== Required action ==
With pictures omitted, restate the data word for word.
Dataset extract section start
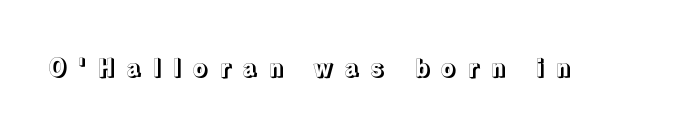
Q: Is the text italic (slanted)? A: No, it is upright.
Q: Is the text underlined? A: No.
Q: Is the spacing between letters normal or unusually wide? A: Unusually wide.
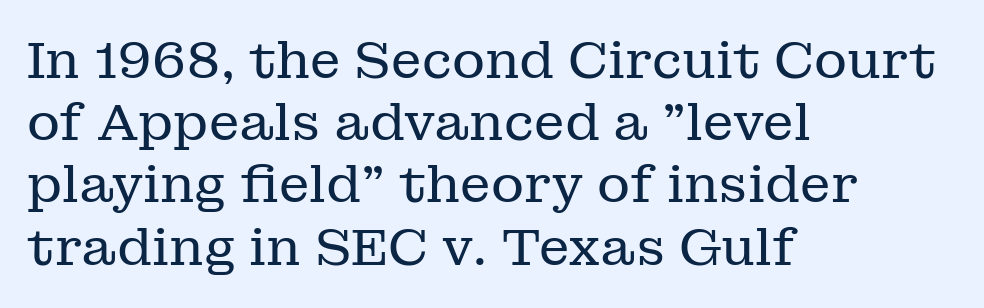
The image shows 51 px regular-weight serif type, upright; set left-aligned, line spacing 1.22x, normal letter spacing, not underlined; low stroke contrast and a medium x-height.
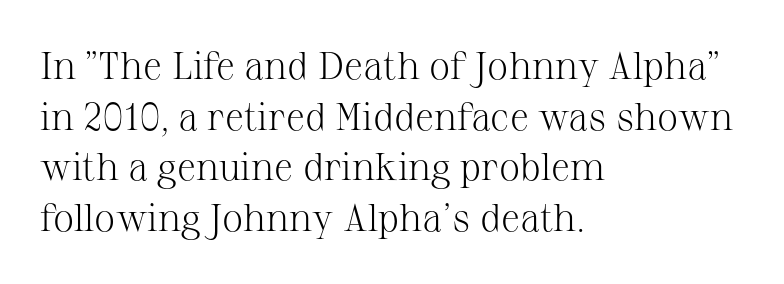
Dataset extract section end
== Exercise answer ==
Q: Is the text italic (slanted)? A: No, it is upright.
Q: Is the text underlined? A: No.
Q: Is the spacing between letters normal or unusually wide? A: Unusually wide.
The image shows 51 px regular-weight serif type, upright; set left-aligned, line spacing 1.22x, normal letter spacing, not underlined; low stroke contrast and a medium x-height.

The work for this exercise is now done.